BEIJING, July 22 (Xinhuanet)-- Archaeologists will
excavate hundreds of fragments of an ancient Egyptian wooden boat and try to
reassemble it, Egyptologists announced Saturday.
The 4,500-year-old vessel was entombed in an underground chamber next to Giza's Great pyramid. It is the
sister ship of a similar boat removed in pieces in 1954 from another pit and
painstakingly reconstructed.
Experts believe the boats were meant to ferry the
pharaoh who built the Great Pyramid in the afterlife.
Zahi Hawass, director of Egypt's Supreme Council of
Antiquities, believes these were symbolic vessels, not funerary boats used to
bring the pharaoh Khufu's embalmed remains up the Nile from the ancient capital
of Memphis for burial in the Great Pyramid.

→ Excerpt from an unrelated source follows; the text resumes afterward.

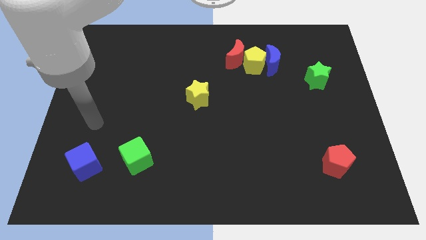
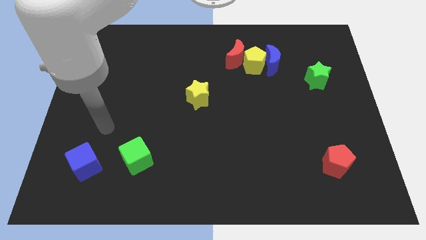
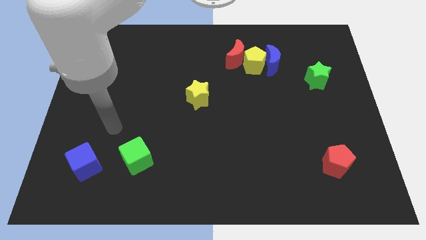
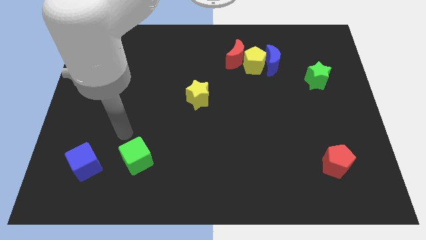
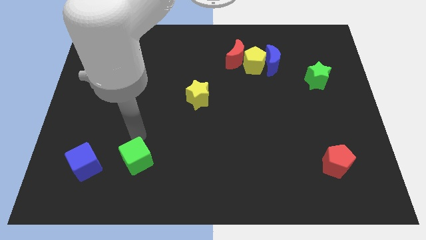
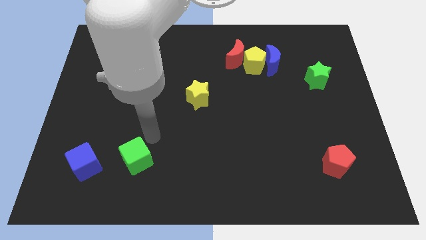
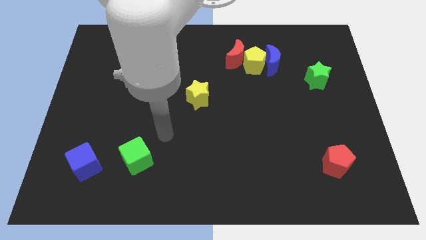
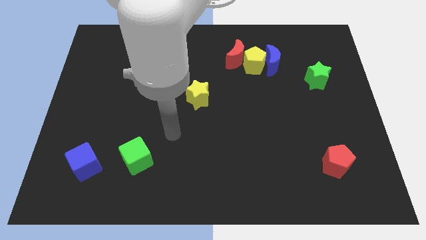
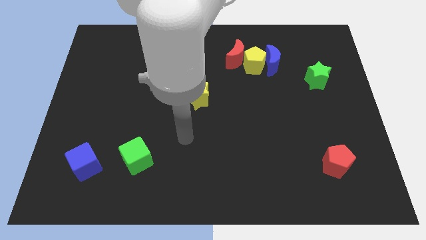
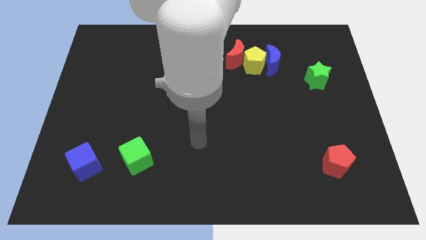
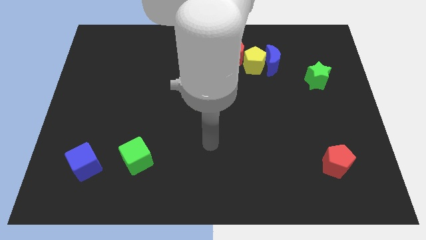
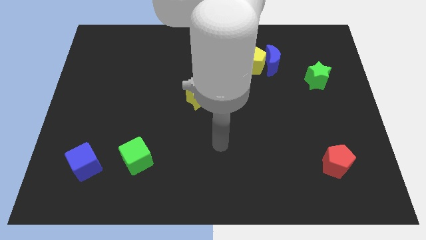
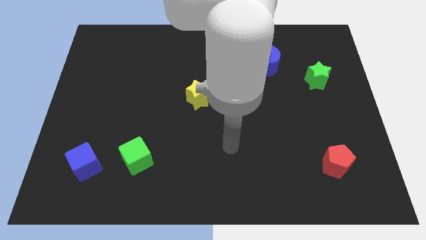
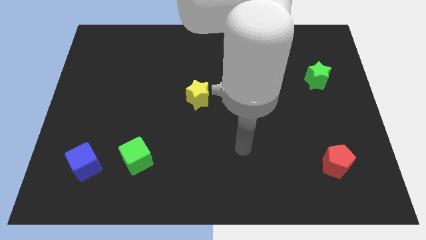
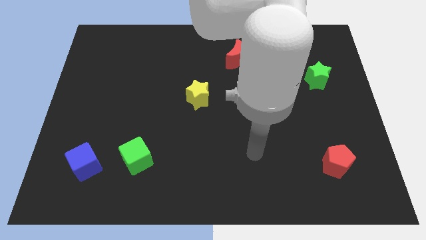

He said solar symbols found inside the second pit
offer more evidence that those who disassembled and buried the boats believed
Khufu's soul would travel from his tomb in the pyramid through a connecting air
shaft to the boat chambers and that he would use the boats to circle the
heavens, like the sun god, taking one boat by day and the other by night.
Experts will begin removing around 600 pieces of
timber in November, said professor Sakuji Yoshimura of Japan's Waseda
University, who is helping lead the restoration effort with the antiquities
council.
(Agencies)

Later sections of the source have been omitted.